Settings we forget
There are a certain set of settings that we set once and then we forget why we set them. Recently, I ran into an issue where localhost does not resolve (consistently) to 127.0.0.1
on my local machine. A quick diagnostic revealed that it has something to do with the DNS resolver, and specifically, something to do with pointing it to 8.8.8.8
. At some point I stopped digging because it’s not worth the time to untangle the why – I simply needed to unblock myself.
These occurrences, that is discovering my esoteric actions in the past, happen a few times a year, and a few year gap between in each morphotype. I’ve tried a few different solutions, from leaving comments inline (I don’t have the foresight of knowledge), to jotting down in notes (which now creates an all-encompassing chore), and nothing quite works. I then either spend hours trying to understand the system again or unblock myself to the extent necessary.
The thing though is that I am a proponent of software customization. Settings are good! We should be able to change things to suit our needs. The question is customization creates an exception case, and when that exception meets the mainstream and our memory fails us, how do we gracefully resolve them. That is, ensuring that the intent of the change is honored while paving a path forward for whatever that needs to get done.
Design thinking loves happy paths. It does make me wonder, what does the design literature and the collective intelligence have to say about this. What is the best way to handle plurality in systems?
Posted Mar 06, 2025
A is for AI Abundance
At this point, AI writing code is inevitable. People I know are, understandably, worried about the impacts on our vocation. I don’t profess to be prescient about the upcoming effects, but I have a different take.
I’m hopeful that one possible consequence of pervasive AI generated code is that there is much more software functionality to go around. It may sometimes feel like we have a lot of software around us, but if examined closely, its effects are unequally distributed. As an example, ad-serving platforms (financially lucrative but debatably socially positive) have humongous and robust stacks while restaurant websites (personally positive) are positively impoverished.
Software is hard to build right. It is, at its best, a delicate dance done right between requirements, design, architecting, writing good code, and giving a damn. As a result, people gravitate towards building things once and building it right. Which is why people want to be opinionated, build frameworks to incorporate best practices, and the resulting power law distribution of adoption and resources.
AI writing code can change all that. If code can be written quickly with sufficient quality, and more importantly, cheaply, then code doesn’t have to always conform to the most common denominator (or popular opinion). The consequences of lowering this bar will be immense. Small businesses can break free from the big platform or janky home grown dichotomy. Software that conforms to natural workflows instead of vice versa (goodbye to enterprise software contracts). People can rewrite user interfaces to suit their abilities, needs, and preferences.
I am most curious to the last one. Because of the cost of building software, design has always have a citadel like quality to it. We profess to be the whisperer of what our users need and direct the provision of them in software modules. What if users no longer need this layer of translation? I don’t think this will lead to better designed software; it may instead lead to generally terrible software, except that in this world every jagged rock is someone else’s gem. We may truly enter the era of personalized software. To push it into the logical conclusion, seams and structures of software today will cease to exist and instead we will have access to capabilities on our terms, on demand.

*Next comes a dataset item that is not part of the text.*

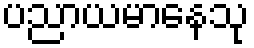
ပညာယမာနေသု
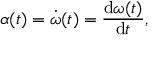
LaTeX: \alpha ( t ) = { \dot { \omega } } ( t ) = { \frac { \mathrm { d } \omega ( t ) } { \mathrm { d } t } } ,

It is a challenging framing to consider even beyond considering the existential threat to our livelihoods. For me, abundance upsets so much of what we take for granted, rituals and expectations that are built up over decades of the computing industry. But that may all be for the greater good. Or not. Interesting times indeed.
Posted Feb 24, 2025
Design is by nature both holistic and ruthlessly simplifying
A theory is by its nature a partial account of reality—a set of blinders through which some aspects of the world are highlighted and others become invisible. Design is by nature both holistic and ruthlessly simplifying. A designed artifact, whether it is a piece of communications software or a city park, must address the complex mixture of human needs, embodied in a weave of physical and social interaction. But the design itself cannot embody all of these complexities if it is to be constructible and understandable. The design must embody a simplification,leaving room for the texture of the world to be filled in by the interpretation and practices of those who use it. (emphasis mine)
– Terry Winograd. 2006. Designing a New Foundation for Design. Communications of the ACM 49, 5 (May 2006), 71–74. DOI:https://doi.org/10.1145/1125944.1125978
I think about this quote a lot.
Posted Jan 20, 2025
Hello unfiltered World!
I often feel compelled to write, but writing can be it’s own work. Most of the times ideas are half-baked and it takes a lot of effort to whip them into article form. Other times thoughts that are promising don’t get fleshed out and they get lost. As a result, I lose a record of them.
I want to find a way to write them down.
And hence unfiltered, a new section in the site. Fashioned after microblogs 10 years past their prime, named after what a former boss of mine said of me, this is the garden where I get to record ideas or pluck thoughts as they flutter by.
Posts will be quite short, mostly unedited, and a light and easy way for me to publish. The fully fleshed ideas will remain in writing, and everything else will come here.